--- START ---

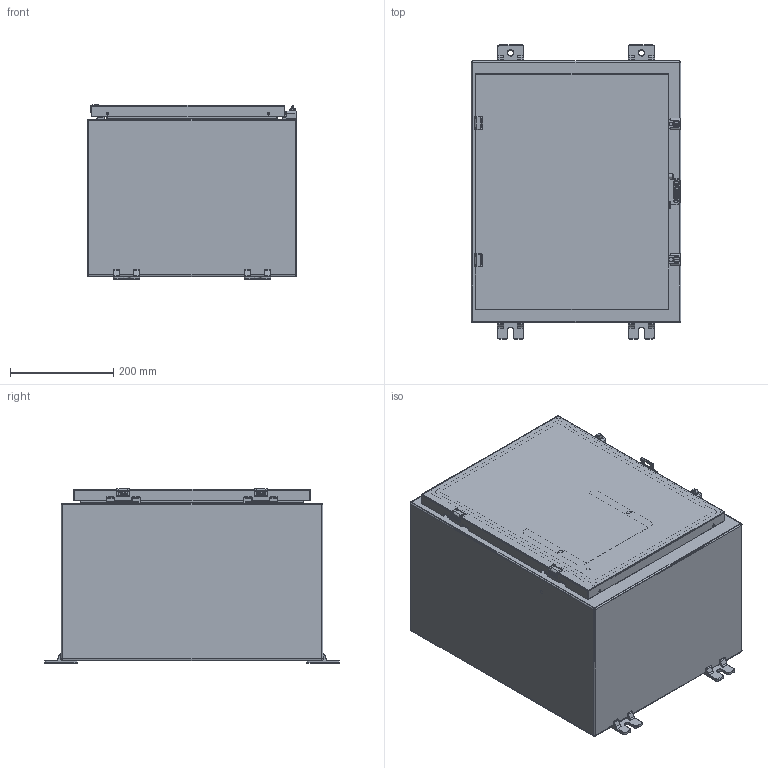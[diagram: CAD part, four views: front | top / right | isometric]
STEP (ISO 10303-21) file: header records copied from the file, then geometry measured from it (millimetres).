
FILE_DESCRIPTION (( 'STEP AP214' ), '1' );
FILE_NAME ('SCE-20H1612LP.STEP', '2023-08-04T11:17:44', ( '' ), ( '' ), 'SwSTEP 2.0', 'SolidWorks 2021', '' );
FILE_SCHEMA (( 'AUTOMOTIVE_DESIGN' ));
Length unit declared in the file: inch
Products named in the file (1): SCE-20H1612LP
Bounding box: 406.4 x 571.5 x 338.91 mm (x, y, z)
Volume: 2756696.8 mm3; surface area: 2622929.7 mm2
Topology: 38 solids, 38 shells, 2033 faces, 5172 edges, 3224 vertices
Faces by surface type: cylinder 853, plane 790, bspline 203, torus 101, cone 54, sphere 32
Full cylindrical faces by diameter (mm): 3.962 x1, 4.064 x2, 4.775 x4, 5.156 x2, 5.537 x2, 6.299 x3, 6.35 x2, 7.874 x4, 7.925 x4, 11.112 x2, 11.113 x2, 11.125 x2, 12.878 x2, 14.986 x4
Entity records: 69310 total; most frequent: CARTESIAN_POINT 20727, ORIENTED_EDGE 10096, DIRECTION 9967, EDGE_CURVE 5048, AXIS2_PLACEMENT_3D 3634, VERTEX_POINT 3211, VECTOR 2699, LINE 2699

--- END ---
--- START ---

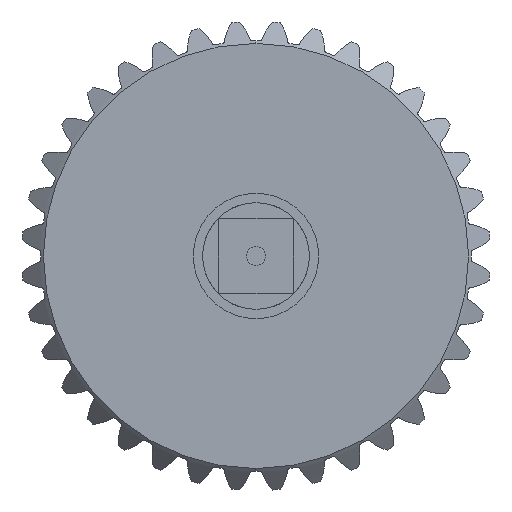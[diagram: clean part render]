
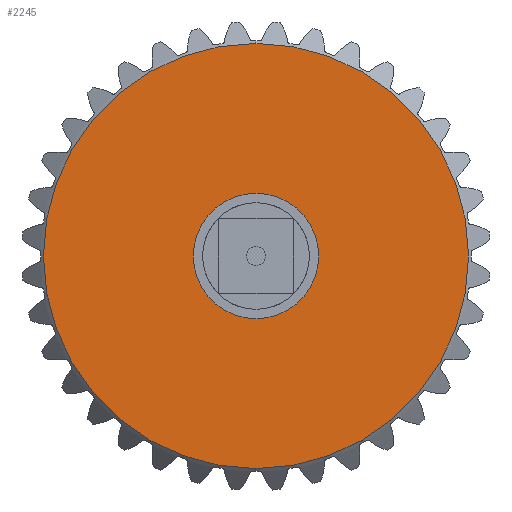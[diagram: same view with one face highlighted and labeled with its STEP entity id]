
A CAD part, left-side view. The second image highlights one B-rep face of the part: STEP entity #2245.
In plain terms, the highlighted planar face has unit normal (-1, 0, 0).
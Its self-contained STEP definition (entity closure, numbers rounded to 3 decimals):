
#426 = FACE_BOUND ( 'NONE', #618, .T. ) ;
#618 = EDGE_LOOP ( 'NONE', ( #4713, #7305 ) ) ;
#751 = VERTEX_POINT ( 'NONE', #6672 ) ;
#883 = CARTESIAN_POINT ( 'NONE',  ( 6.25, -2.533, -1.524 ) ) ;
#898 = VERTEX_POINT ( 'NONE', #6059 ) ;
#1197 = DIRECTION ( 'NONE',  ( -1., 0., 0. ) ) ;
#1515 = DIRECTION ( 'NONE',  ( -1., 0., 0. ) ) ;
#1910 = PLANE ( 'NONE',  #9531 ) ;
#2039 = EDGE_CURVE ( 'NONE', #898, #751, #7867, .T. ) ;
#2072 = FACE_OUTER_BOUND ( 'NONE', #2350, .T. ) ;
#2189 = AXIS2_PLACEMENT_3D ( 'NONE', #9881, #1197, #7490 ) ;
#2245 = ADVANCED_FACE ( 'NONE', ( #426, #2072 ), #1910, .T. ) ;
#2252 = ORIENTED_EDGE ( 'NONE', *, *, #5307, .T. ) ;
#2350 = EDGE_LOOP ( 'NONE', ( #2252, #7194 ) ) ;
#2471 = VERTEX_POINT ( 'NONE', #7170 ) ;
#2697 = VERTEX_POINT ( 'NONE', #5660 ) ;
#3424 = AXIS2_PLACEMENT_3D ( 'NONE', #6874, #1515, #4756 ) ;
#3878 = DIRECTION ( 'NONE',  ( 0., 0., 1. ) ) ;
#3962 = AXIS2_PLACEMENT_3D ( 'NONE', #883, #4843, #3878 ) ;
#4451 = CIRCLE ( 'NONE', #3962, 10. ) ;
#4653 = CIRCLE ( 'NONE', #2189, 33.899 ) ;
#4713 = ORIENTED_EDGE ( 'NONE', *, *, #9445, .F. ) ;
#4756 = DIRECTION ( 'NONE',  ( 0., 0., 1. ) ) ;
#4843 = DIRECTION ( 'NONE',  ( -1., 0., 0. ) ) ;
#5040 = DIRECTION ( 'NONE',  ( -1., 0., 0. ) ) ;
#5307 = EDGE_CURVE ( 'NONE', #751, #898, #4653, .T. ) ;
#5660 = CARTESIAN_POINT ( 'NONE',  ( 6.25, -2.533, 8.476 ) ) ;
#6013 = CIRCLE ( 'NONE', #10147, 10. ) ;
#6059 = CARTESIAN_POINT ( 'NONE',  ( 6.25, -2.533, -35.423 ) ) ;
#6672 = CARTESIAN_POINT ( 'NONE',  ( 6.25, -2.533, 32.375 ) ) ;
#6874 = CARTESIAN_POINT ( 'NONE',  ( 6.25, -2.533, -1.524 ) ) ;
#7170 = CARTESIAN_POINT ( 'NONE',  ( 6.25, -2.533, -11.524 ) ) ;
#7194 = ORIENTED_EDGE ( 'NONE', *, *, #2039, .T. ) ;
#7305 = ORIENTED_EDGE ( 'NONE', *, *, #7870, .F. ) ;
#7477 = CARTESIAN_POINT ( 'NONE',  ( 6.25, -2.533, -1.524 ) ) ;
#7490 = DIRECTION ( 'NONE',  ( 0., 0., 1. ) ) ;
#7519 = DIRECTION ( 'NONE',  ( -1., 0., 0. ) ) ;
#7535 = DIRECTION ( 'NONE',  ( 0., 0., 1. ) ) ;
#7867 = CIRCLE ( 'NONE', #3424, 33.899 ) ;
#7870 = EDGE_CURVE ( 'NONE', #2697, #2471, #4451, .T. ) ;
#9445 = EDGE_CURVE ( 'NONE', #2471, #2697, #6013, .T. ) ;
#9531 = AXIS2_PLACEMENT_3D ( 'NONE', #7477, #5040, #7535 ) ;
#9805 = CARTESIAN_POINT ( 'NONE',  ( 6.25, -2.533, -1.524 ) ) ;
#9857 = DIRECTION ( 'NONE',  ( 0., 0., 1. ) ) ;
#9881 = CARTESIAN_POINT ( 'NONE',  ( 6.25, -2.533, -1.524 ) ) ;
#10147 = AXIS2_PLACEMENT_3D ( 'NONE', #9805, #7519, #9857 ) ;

--- END ---

#### Your objective
Above are records; repeat only the lines from the line with "[diagram: CAD part, four" through the line with "Volume: 2756696.8 mm3;", and leave pictures out.

#### Answer to this problem
[diagram: CAD part, four views: front | top / right | isometric]
STEP (ISO 10303-21) file: header records copied from the file, then geometry measured from it (millimetres).
FILE_DESCRIPTION (( 'STEP AP214' ), '1' );
FILE_NAME ('SCE-20H1612LP.STEP', '2023-08-04T11:17:44', ( '' ), ( '' ), 'SwSTEP 2.0', 'SolidWorks 2021', '' );
FILE_SCHEMA (( 'AUTOMOTIVE_DESIGN' ));
Length unit declared in the file: inch
Products named in the file (1): SCE-20H1612LP
Bounding box: 406.4 x 571.5 x 338.91 mm (x, y, z)
Volume: 2756696.8 mm3; surface area: 2622929.7 mm2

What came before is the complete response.